Once upon a time, before the web and before we could assume that
almost every node connected to the network was well-connected
(end to end) with just about every other node,  the most common
method for transmitting command instructions from one host to
another (or a device connected to another) involved email
messages that could be received, stored, and forwarded by
intermediaries.  In many cases, local-part addresses were used
to encode information and to secure and/or authenticate the
commands with what amounted to shared-secret encryption and
anti-reply coding.

It may be worth noting that some very similar techniques have
emerged in the "delay-tolerant networking" area.  If one cannot
do end-to-end (or end-to-closely-coordinated-surrogate)
handshakes, there aren't that many options.

Those applications led to some email local parts that were truly
bizarre if one assumed that local parts are some stable
variation on a user name or ID/handle.  Worse, not only are
strings that look remarkably like IDNA ACEs plausible, it is
impossible to do the equivalent of sweeping the DNS tree or
inquiring of top-level registries to give some confidence that
choices are being made that don't conflict with existing uses
(such sweeps and questions were part of the process of selecting
the ACE prefix, and some candidate prefixes were eliminated on
the basis of existing usage).

There is at least anecdotal evidence that methods using local
parts to transmit command and control information (either coded
into the local-part or using the local part to authenticate the
message payload) have not dropped out of use, even though their
presence as a percentage of messages on the Internet has
certainly dropped.

For better or worse, little of this stuff is written down in,
e.g., the RFC series.  At least some of the reason is that many
similar, but certainly not identical, mechanisms have been
invented over and over again in different places and rely on
"security by (often rather extreme) obscurity", rather than
cryptographic integrity... but that doesn't make them less
problematic from our standpoint.

Those mechanisms are among the reasons why the email community
established the very strong "only the receiving system can
interpret a local part and it MUST NOT be messed with in
transit" rules that appear in RFC 5321 and its predecessors and
has been unwilling to change them.  IMO, even if this WG reached
the conclusion that such tag-identified encodings were a good
idea, the proposal would be destroyed on IETF Last Call.

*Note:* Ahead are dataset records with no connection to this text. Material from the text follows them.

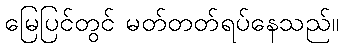
မြေပြင်တွင် မတ်တတ်ရပ်နေသည်။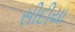
સીદીયા
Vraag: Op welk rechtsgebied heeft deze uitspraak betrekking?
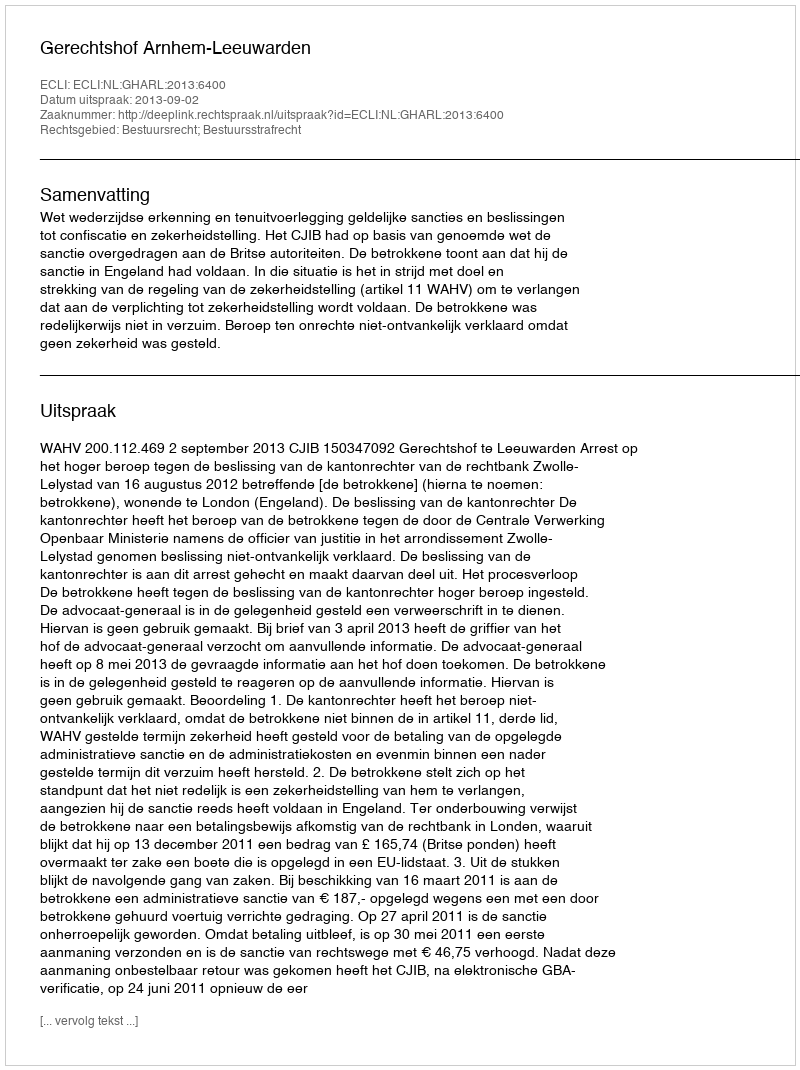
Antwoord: Bestuursrecht; Bestuursstrafrecht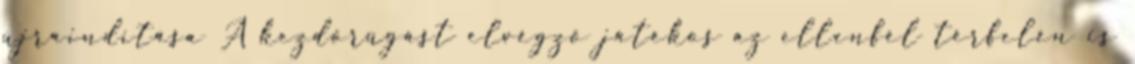
újraindítása A kezdőrúgást elvégző játékos az ellenfél térfelén is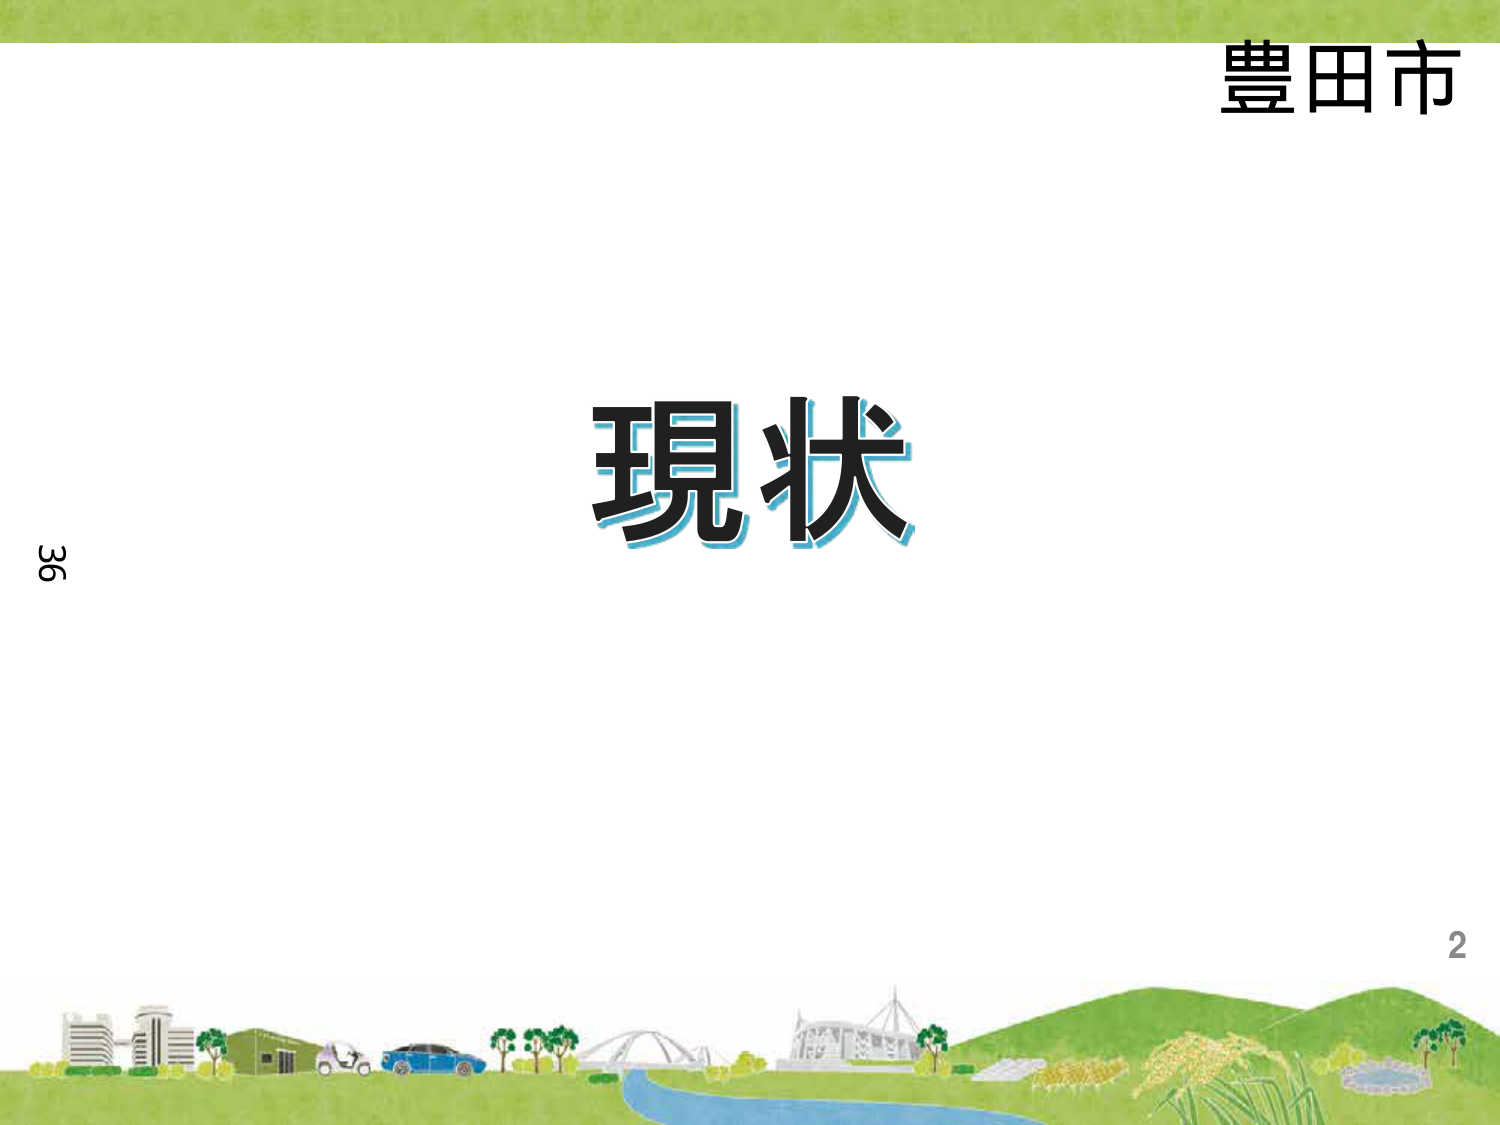
豊田市
現状
36
2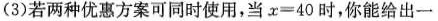
(3)若两种优惠方案可同时使用，当x=40时，你能给出一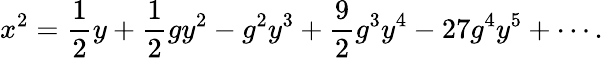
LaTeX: x^{2}=\frac{1}{2}y+\frac{1}{2}gy^{2}-g^{2}y^{3}+\frac{9}{2}g^{3}y^{4}-27g^{4}y^{5}+\cdots.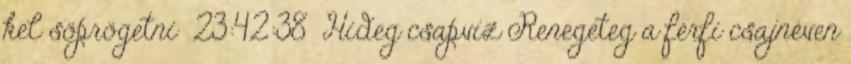
kel söprögetni 23:42:38 Hideg csapvíz Renegeteg a férfi csajnéven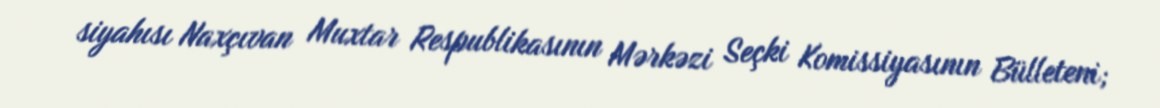
siyahısı Naxçıvan Muxtar Respublikasının Mərkəzi Seçki Komissiyasının Bülleteni;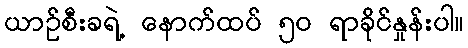
ယာဉ်စီးခရဲ့ နောက်ထပ် ၅၀ ရာခိုင်နှုန်းပါ။
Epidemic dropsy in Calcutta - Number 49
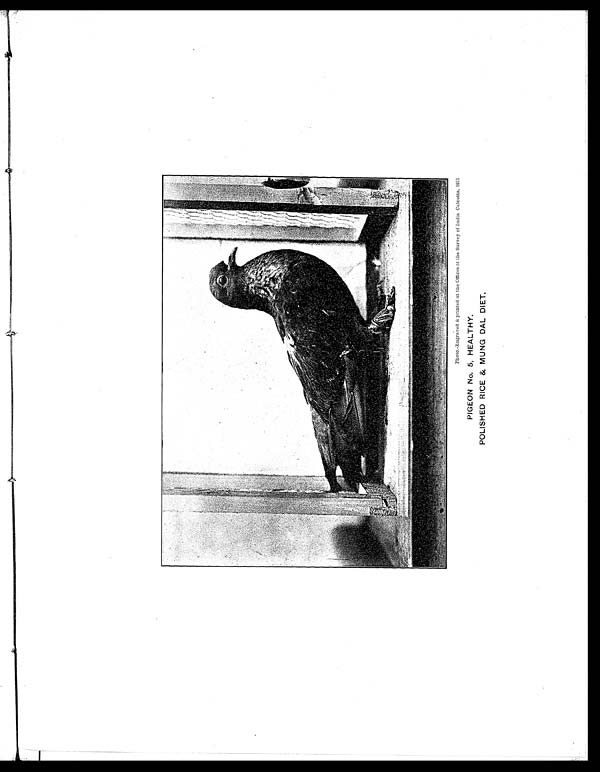
Photo.-Engraved & printed at the Offices of the Survey of India Calcutta, 1911
PIGEON No. 5, HEALTHY.
POLISHED RICE & MUNG DAL DIET.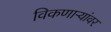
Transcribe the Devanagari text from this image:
विकणाऱ्यांवर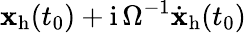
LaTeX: \mathbf{x}_{\mathrm{{h}}}(t_{0})+\mathrm{{i}}\, \Omega^{-1}{\dot{{\mathbf{x}}}}_{\mathrm{{h}}}(t_{0})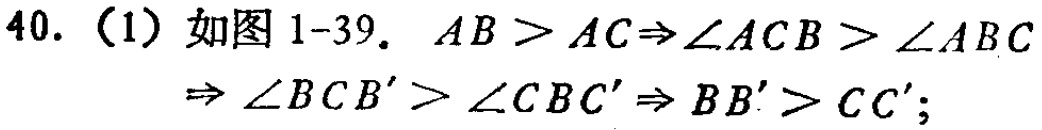
40.（1）如图1-39. \(AB > AC\Rightarrow\angle ACB > \angle ABC\Rightarrow\angle BCB' > \angle CBC'\Rightarrow BB' > CC'\)；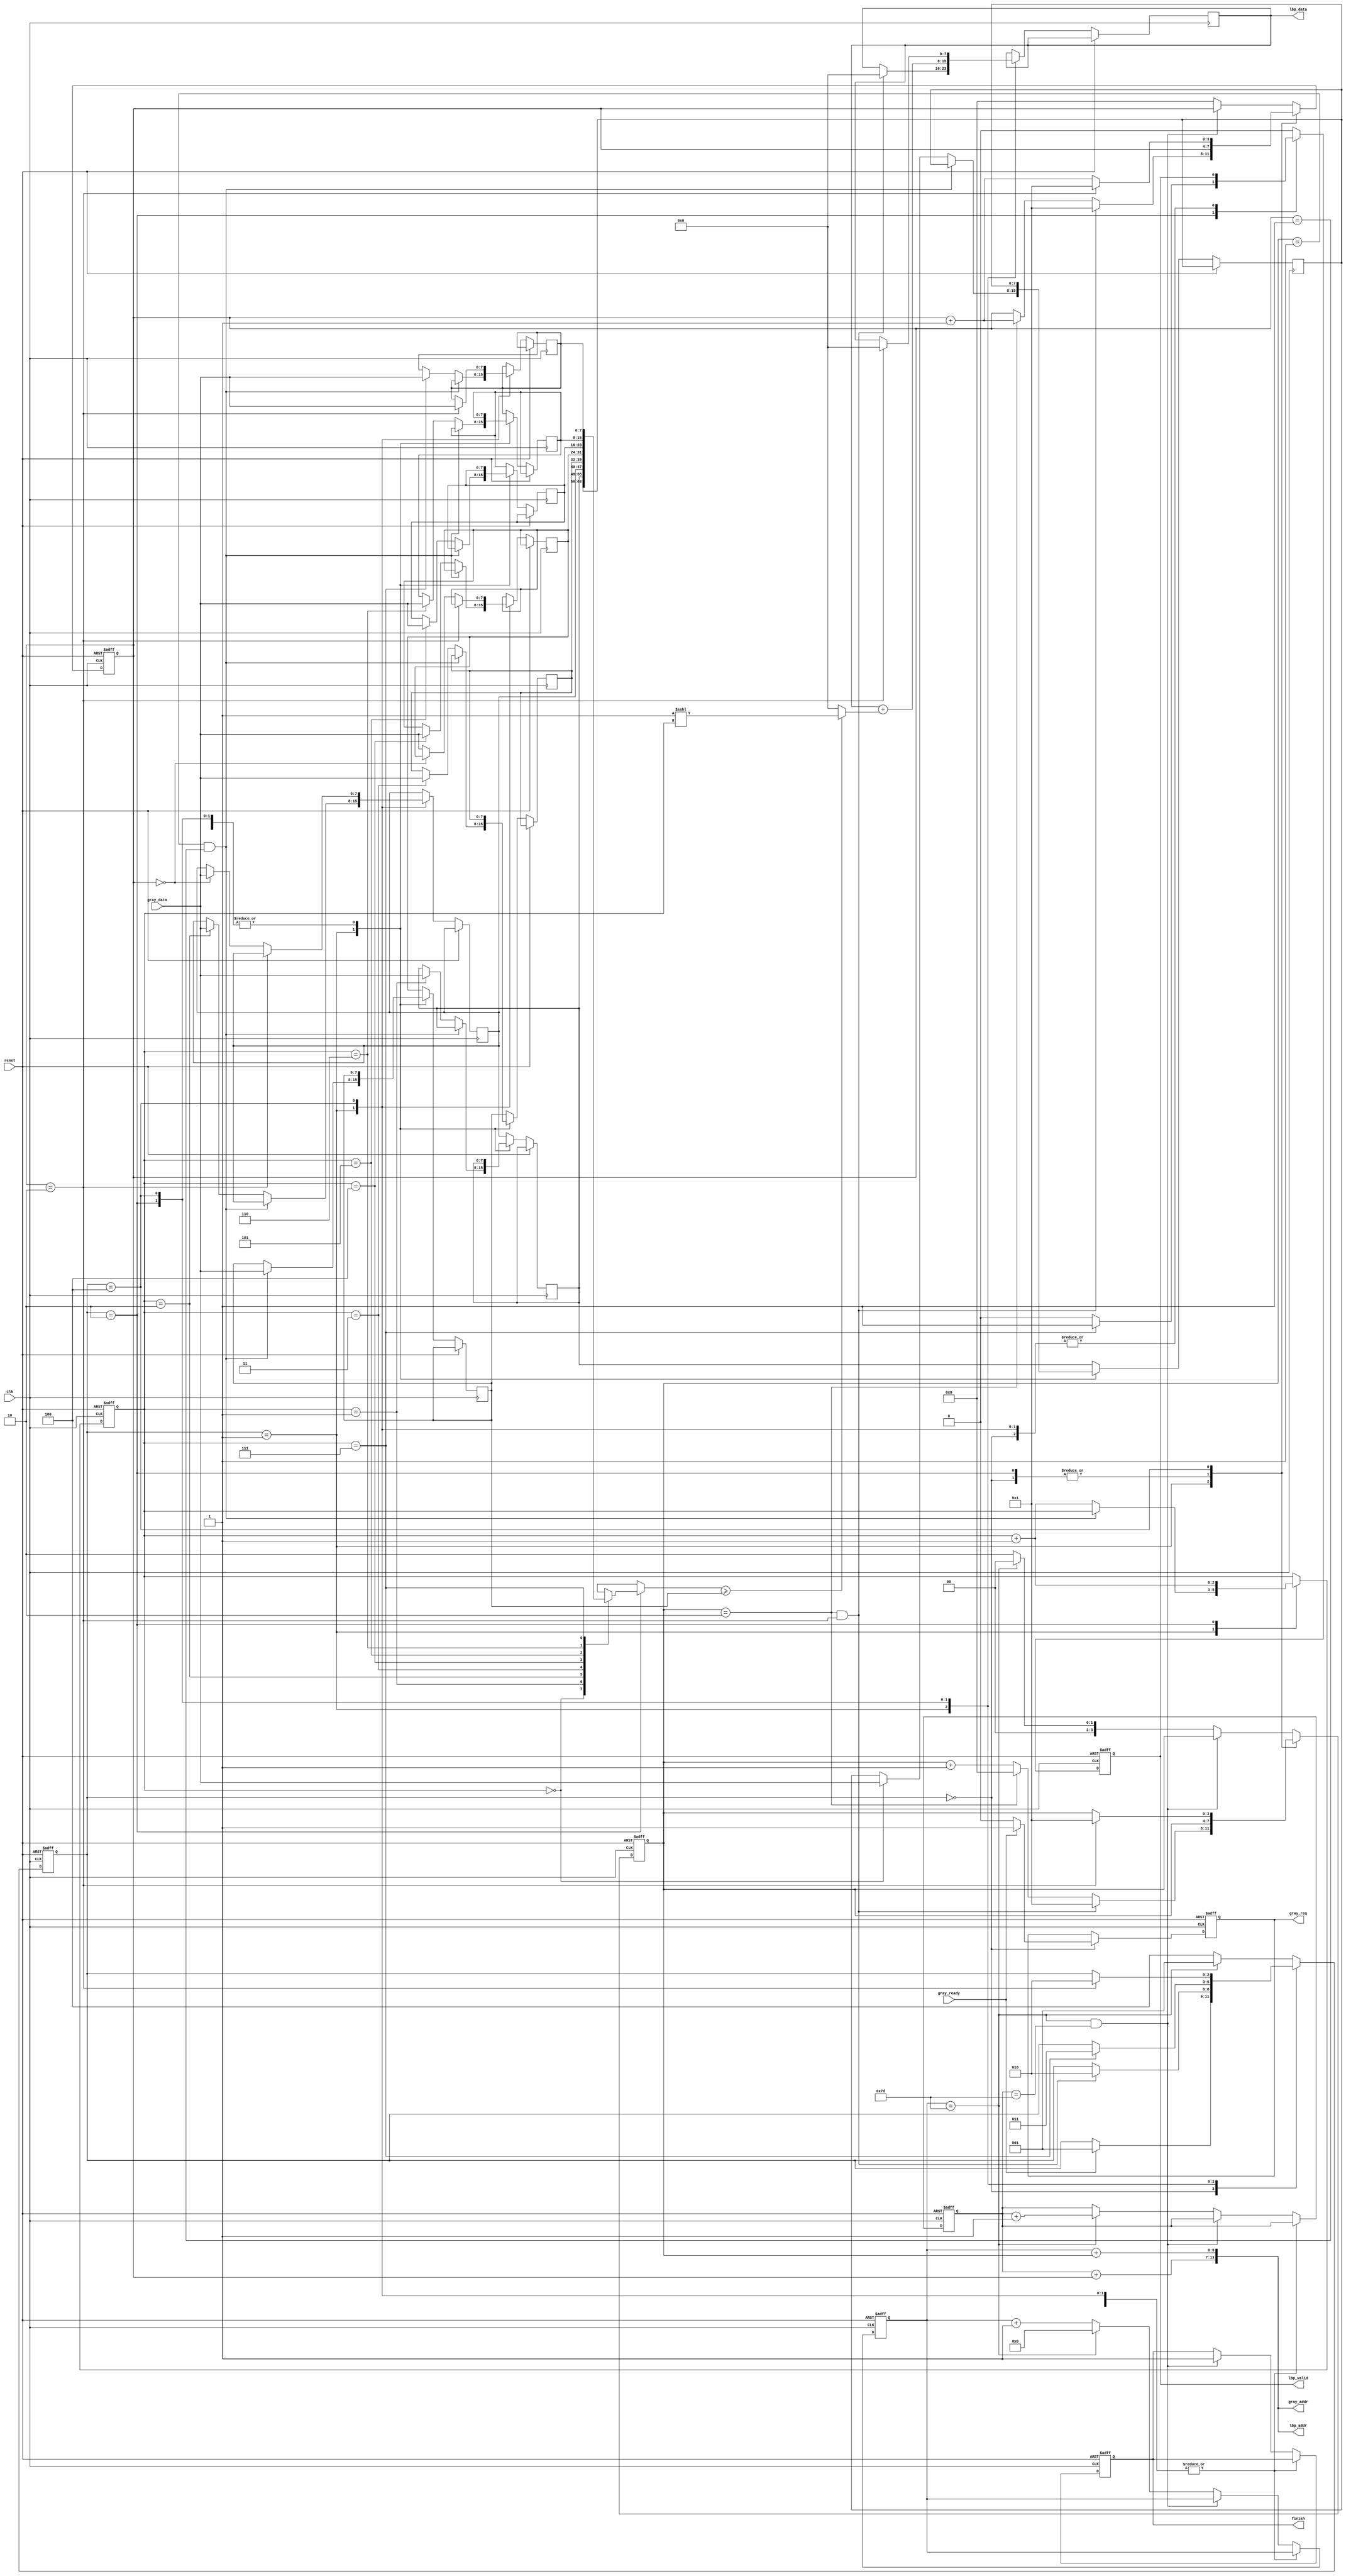

`timescale 1ns/10ps
module LBP ( clk, reset, gray_addr, gray_req, gray_ready, gray_data, lbp_addr, lbp_valid, lbp_data, finish);
input   	clk;
input   	reset;
output  [13:0] 	gray_addr;
output         	gray_req;
input   	gray_ready;
input   [7:0] 	gray_data;
output  [13:0] 	lbp_addr;
output  	lbp_valid;
output  [7:0] 	lbp_data;
output  	finish;

wire [13:0] gray_addr, lbp_addr;
reg [7:0] lbp_data;
reg gray_req, lbp_valid, finish;

localparam Idle = 3'd0;
localparam Read_In_9 = 3'd1;
localparam LBP_Cal = 3'd2;
localparam Modify_Map = 3'd3;
localparam Read_In_3 = 3'd4;

reg [2:0] cur_state, next_state;
reg [6:0] x, y;
reg [7:0] lbp_map[7:0], lbp_central;
reg [2:0] count;
reg [3:0] x_t, y_t;
wire [13:0] one_dim_addr;

assign one_dim_addr = {y + y_t, x + x_t}; 
assign gray_addr = one_dim_addr;
assign lbp_addr = one_dim_addr;

//====================================================================
always @(*) begin
    next_state = cur_state;
    case (cur_state)
        Idle: if (gray_ready) next_state = Read_In_9;
        Read_In_9: if (x_t == 4'd2 && y_t == 4'd2) next_state = LBP_Cal;
        LBP_Cal: if (count == 3'd7) next_state = Modify_Map;
        Read_In_3: if (y_t == 4'd2) next_state = LBP_Cal;
        default: begin
            if (x == 7'd125) 
                next_state = Read_In_9;
            else 
                next_state = Read_In_3;
        end
    endcase
end

always @(posedge clk or posedge reset) 
begin
    
    if(reset)
    begin
        gray_req <= 0;
        lbp_valid <= 0;
        finish <= 0;
        x <= 7'd0;
        y <= 7'd0;
        x_t <= 4'd0;
        y_t <= 4'd0;
        count <= 3'd0;
    end
    else 
    begin
        case (cur_state)
            Idle: begin
                gray_req <= (gray_ready) ? 1 : 0;
            end
            Read_In_9: begin
                if (x_t == 4'd1 && y_t == 4'd1) begin
                    lbp_central <= gray_data;
                    count <= count;
                end
                else begin
                    lbp_map[count] <= gray_data;
                    count <= count + 3'd1;
                end

                if (x_t == 4'd2 && y_t == 4'd2) begin
                    x_t <= 4'd1;
                    y_t <= 4'd1;
                    lbp_data <= 8'd0;
                end
                else begin
                    if (x_t == 4'd2) begin
                        x_t <= 4'd0;
                        y_t <= y_t + 4'd1;
                    end
                    else begin
                        x_t <= x_t + 4'd1;
                    end
                end
            end
            LBP_Cal: begin
                lbp_data <= lbp_data + ((lbp_map[count] >= lbp_central) ? 8'd1 <<< count : 8'd0);
                count <= count + 3'd1;
                lbp_valid <= (count == 3'd7) ? 1 : 0;
            end
            Read_In_3: begin 
                if (y_t == 4'd2) begin
                    x_t <= 4'd1;
                    y_t <= 4'd1;
                    lbp_map[7] <= gray_data;
                    lbp_data <= 8'd0;
                end
                else begin
                    y_t <= y_t + 4'd1;
                    if(y_t == 4'd0) 
                        lbp_map[2] <= gray_data;
                    else 
                        lbp_map[4] <= gray_data;
                end
            end
            default: begin // Modify_Map
                if (x == 7'd125 && y == 7'd125) begin
                    finish <= 1;
                end
                else if (x == 7'd125) begin
                    x <= 7'd0;
                    y <= y + 7'd1;
                    x_t <= 4'd0;
                    y_t <= 4'd0;
                end
                else begin
                    x <= x + 7'd1;
                    x_t <= 4'd2;
                    y_t <= 4'd0;
                end
                lbp_valid <= 0;
                lbp_map[0] <= lbp_map[1];
                lbp_map[1] <= lbp_map[2];
                lbp_map[3] <= lbp_central;
                lbp_central <= lbp_map[4];
                lbp_map[5] <= lbp_map[6];
                lbp_map[6] <= lbp_map[7];
            end
        endcase
    end

end

always @(posedge clk or posedge reset) begin
    if(reset) cur_state <= 0;
    else cur_state <= next_state;
end
//====================================================================
endmodule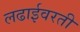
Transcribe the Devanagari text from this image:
लढाईवरती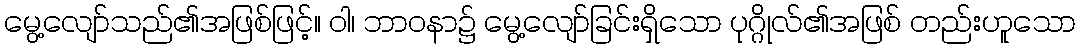
မွေ့လျော်သည်၏အဖြစ်ဖြင့်။ ဝါ၊ ဘာဝနာ၌ မွေ့လျော်ခြင်းရှိသော ပုဂ္ဂိုလ်၏အဖြစ် တည်းဟူသော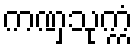
ကဏှသုက္ကံ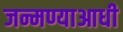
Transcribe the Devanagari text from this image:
जन्मण्याआधी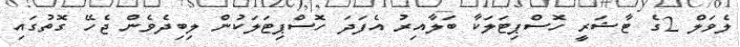
ލެވަލް 2ގެ ޓާޝަރީ ހޮސްޕިޓަލަކާ ބަލާއިރު އެފަދަ ހޮސްޕިޓަލަކުން ލިބިދެވެން ޖެހޭ ގޮތުގައި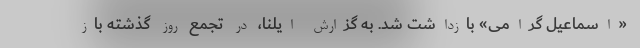
«اسماعیل گرامی» بازداشت شد. به گزارش ایلنا، در تجمع روز گذشته باز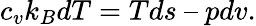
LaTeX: c_{v}k_{B}dT=Tds\ –\ pdv.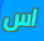
اس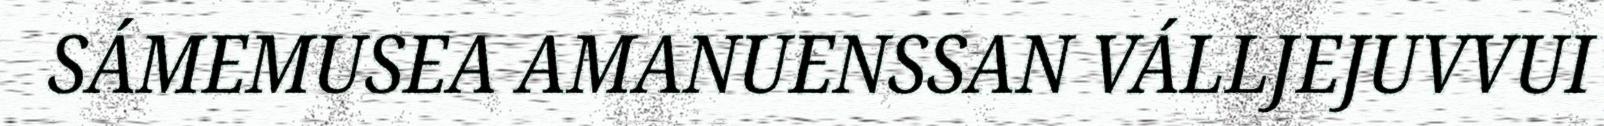
SÁMEMUSEA AMANUENSSAN VÁLLJEJUVVUI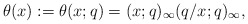
\begin{gather*}\theta(x):=\theta(x;q)= (x;q)_{\infty} (q/x;q)_{\infty},\end{gather*}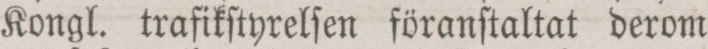
Kongl. trafikftyrelſsen föranſtaltat derom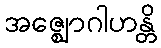
အဇ္ဈောဂါဟန္တိ

Finally, while such address-encoded information is certainly
still in use, the odds of showing up on, e.g., a search through
Google databases are just about zip --the data aren't archived,
the messages don't refer to each other, many of the addresses
are one-time-use, and natural language processing mechanisms
don't work because these addresses are about as far from natural
language as one can get.  And, finally, anyone who can't
dedicate a host, or at least a domain or primary address and
family of subaddresses, under their control to the particular
control tasks at issue is just not in the game... so the more
relevant and sophisticated methods are not using public/free
email systems of the AOL/ Hotmail/ Gmail/ Yahoo/ etc persuasions.

It just isn't a worthwhile path to try to follow.